To be fair, the actual efficiency of transfer of annihilation energy to the nucleus is actually nowhere near 100% efficient. The first publicly available study I found was this one (warning, 7.0 MB PDF). They found that 120 MeV (on average) is transferred to a carbon nucleus, and about 450 MeV is transferred to a uranium nucleus. (That pretty much covers the gamut of atomic weights.) In any event, those energies are quite sufficient to drive fission events, so 'stepping' through elements one by one isn't likely to occur. TenOfAllTrades(talk) 14:59, 31 August 2008 (UTC)
Also, the probability of exactly one anti-hydrogen actually hitting your one atom is essentially zero. Even if this worked - you'd have to fire a lot of anti-hydrogen at a lot of your chosen material. Then you'll have no control of how many anti-hydrogens hit each atom in your material. So even if you could somehow evade the problems that TenOfAllTrades brings up - you'd still be doomed. SteveBaker (talk) 15:14, 31 August 2008 (UTC)
Do we have an article that explains why inbreeding/incest etc. causes DNA defects and why its eveolutionarily beneficial for genes too not 'mate' with genes that are similair to themselves?--58.108.249.161 (talk) 10:41, 31 August 2008 (UTC)
I've been eating a bunch of nectarines and peaches lately and I've saved all the pits so I can plant them (mostly nectarines, but a few peaches too). I'd just like to know when would be a good time to plant them and any tips on growing the trees. In case you're wondering, I live in Northeast Kansas.
Also, I just noticed that some of the pits are getting tiny little spots of mold and I'd like to know how to safely store the pits until they can be planted. should I discard the pits that have mold?
One more thing. We have lots of little wild plums around here (I cannot identify the specific species since I'm not a botanist :P), but I know that plums are in the same genus as peaches and nectarines (prunus) and I'd like to know if they would accidentally cross-polinate. If so, would this negatively affect the quality of the fruit?
For growing you will have to crack the pit open as the actual seed is inside, but after that there are not really any special preparations needed, just put the seed straight into some ordinary soil and keep it damp. It will take a long time to germinate though. Also try planting several seeds to increase the chances as in nature it is very rare for all offspring to survive. Remember that if you are growing them to eat, fruit grown from a seed almost never tastes the same as the fruit the seed came from. This is because the fruit you buy in the shops is bred asexually (basically clones the plant) and may have been crossed thousands of times to get it just right, but when you grow a seed it has had its genes all mixed up in independent assortment so you could get just about anything, though most of the time they just taste really bitter. Then again you could get a better fruit than the original, it's a lottery. JessicaThunderbolt14:47, 31 August 2008 (UTC)

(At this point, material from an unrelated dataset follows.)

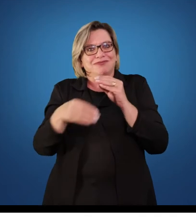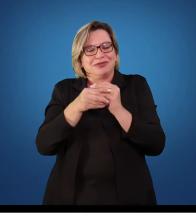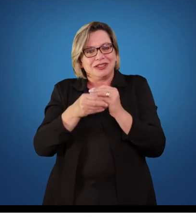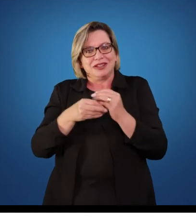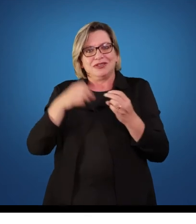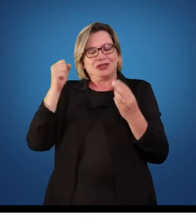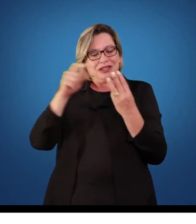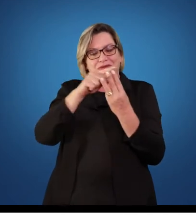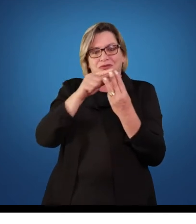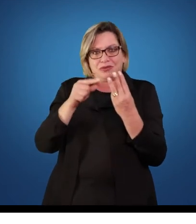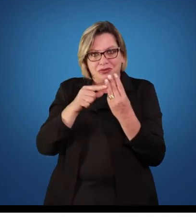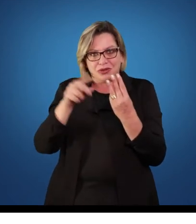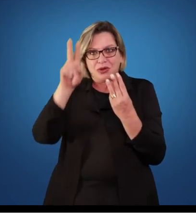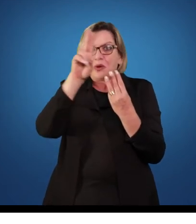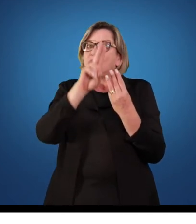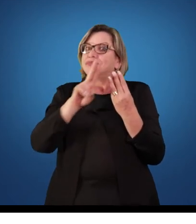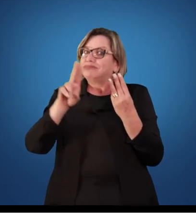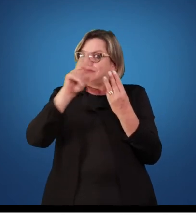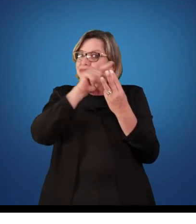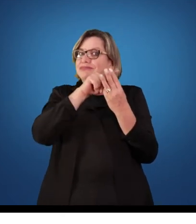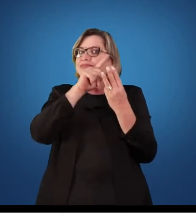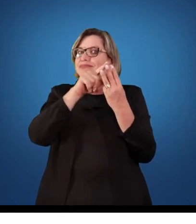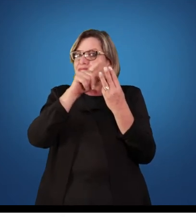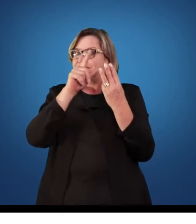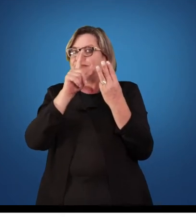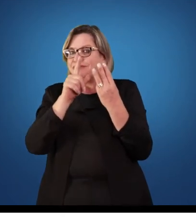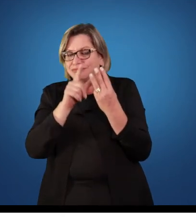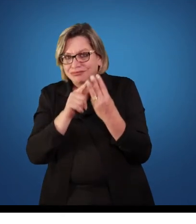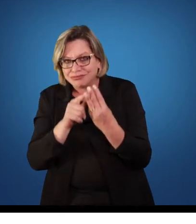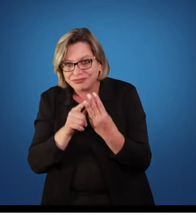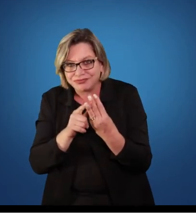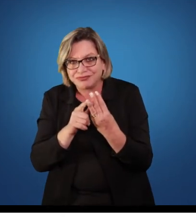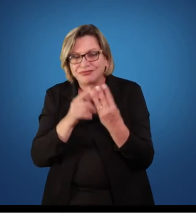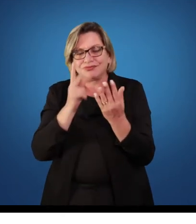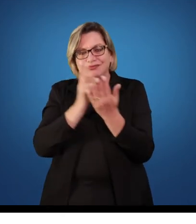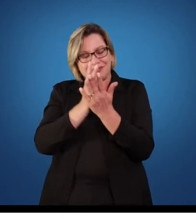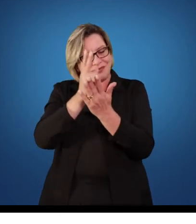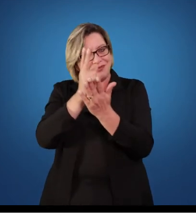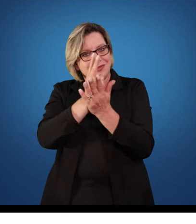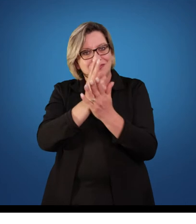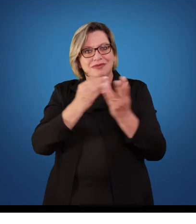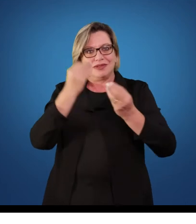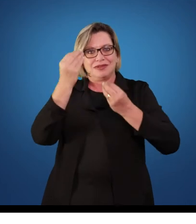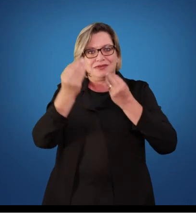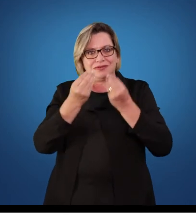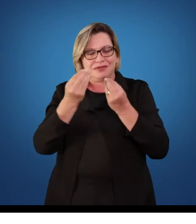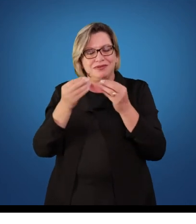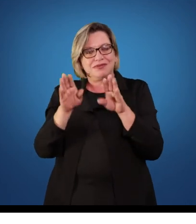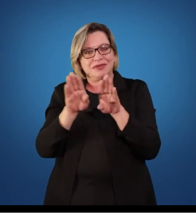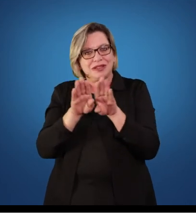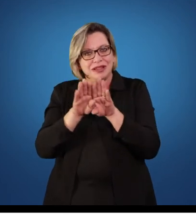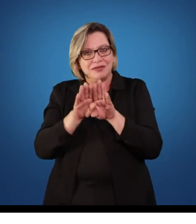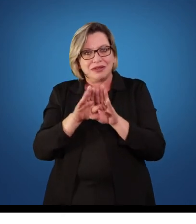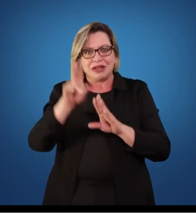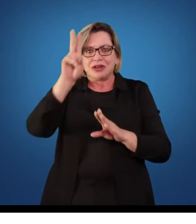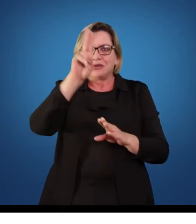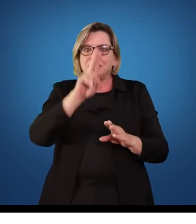dimensões, conceitual, procedimental e atitudinal. Bem como o processo avaliativo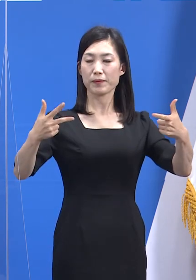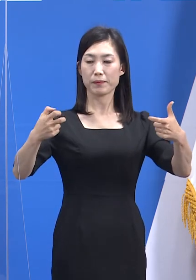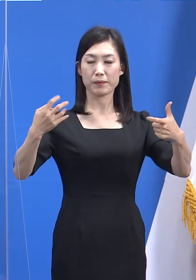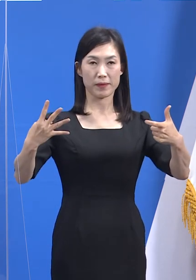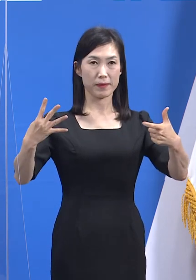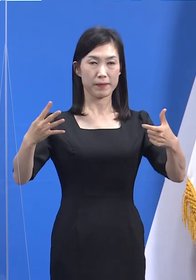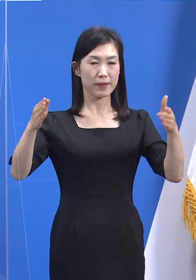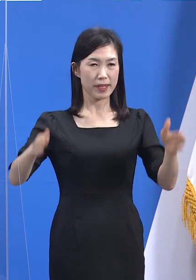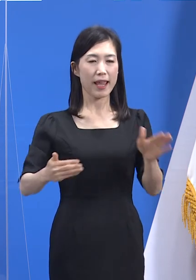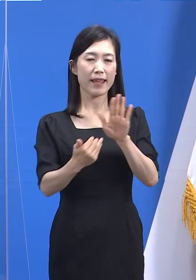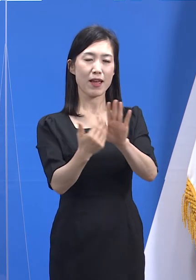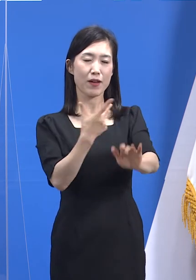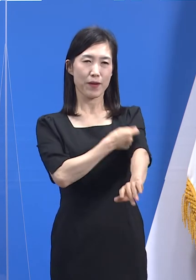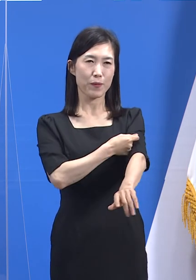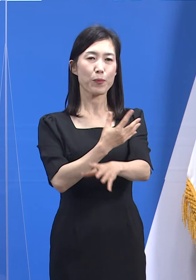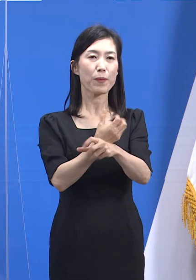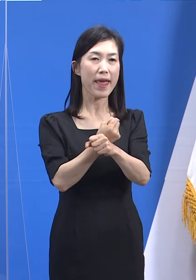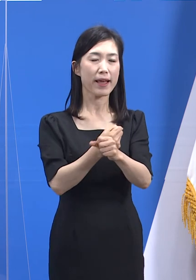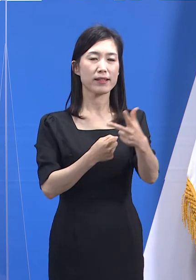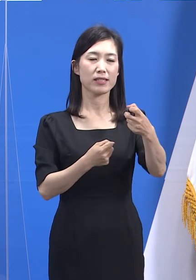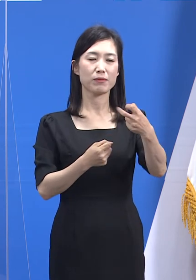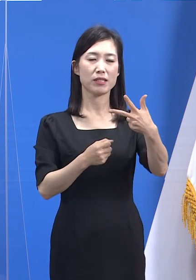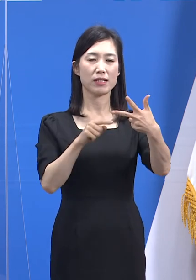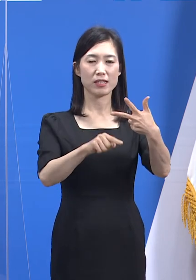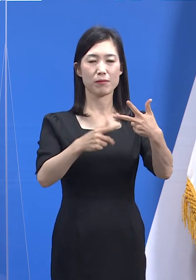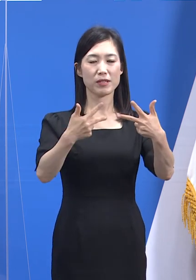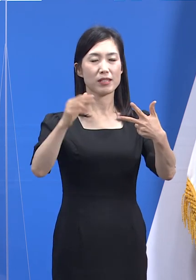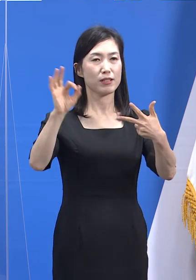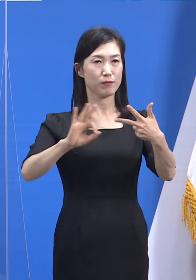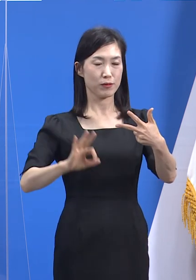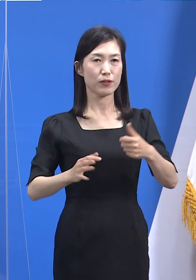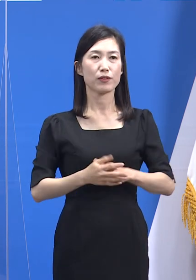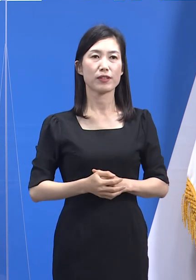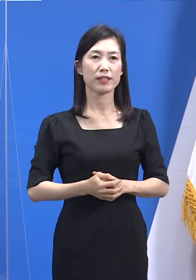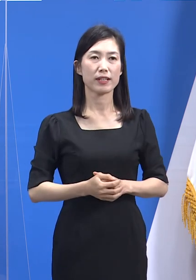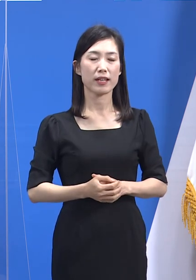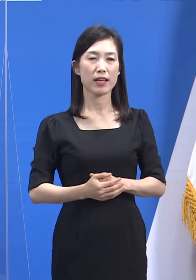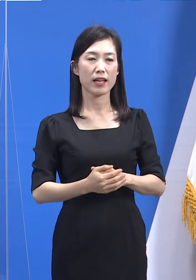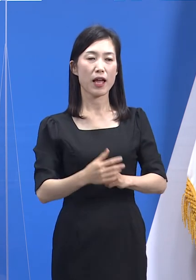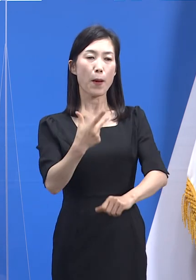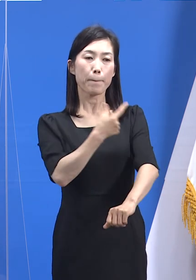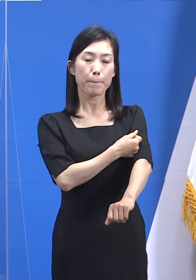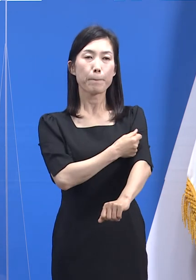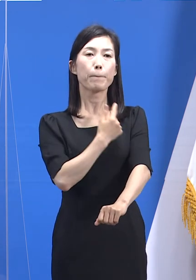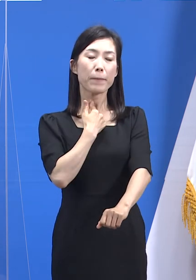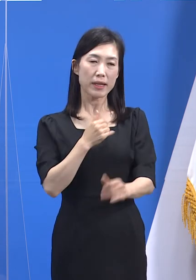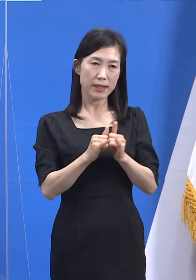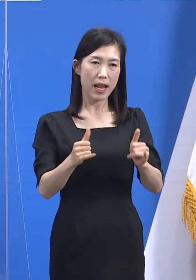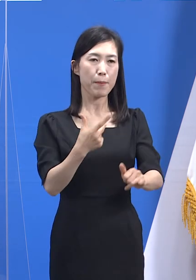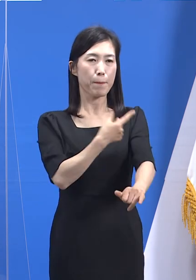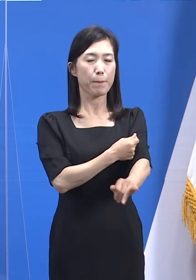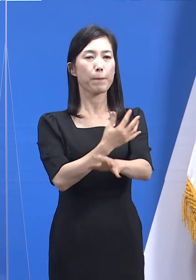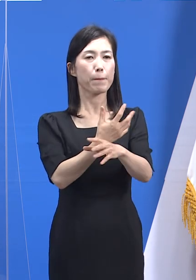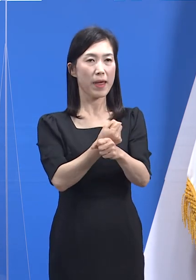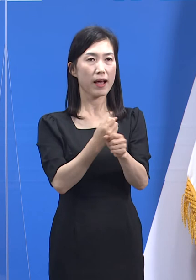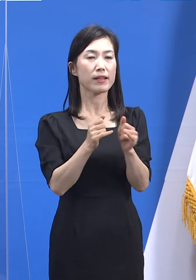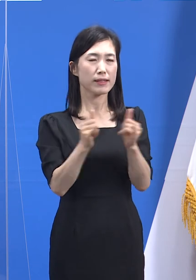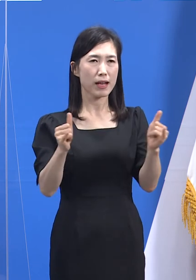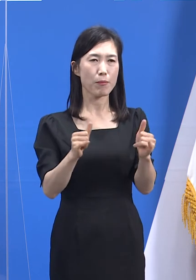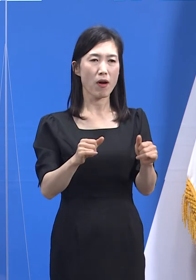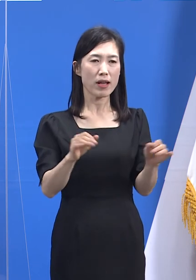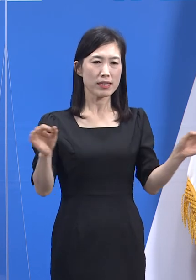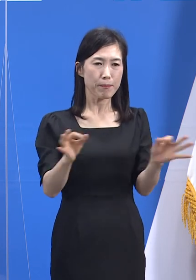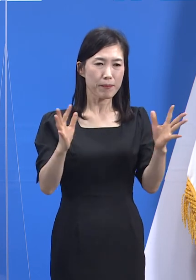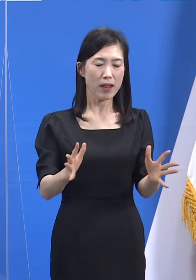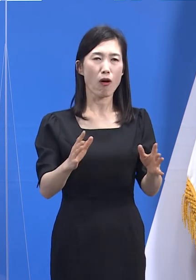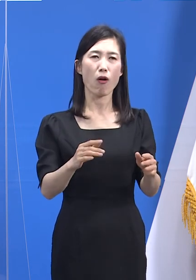예방접종 예약률은 77.7%입니다. 접종률도 예약률도 짧은 기간 안에 많이

I've found that too. If you have a friend with a good tree - get the pit from that, then you'll have a vastly better chance - also, you'll know that that variety of tree will grow in your local climate. SteveBaker (talk) 15:11, 31 August 2008 (UTC)
I would like to know a few methods using which one could track the movement of a lipid in a liposome. In the sense, suppose I want to keep observing a lipid molecule for say, 5 minutes, then how do I do that? —Preceding unsigned comment added by Psruthi16 (talk • contribs) 14:29, 31 August 2008 (UTC)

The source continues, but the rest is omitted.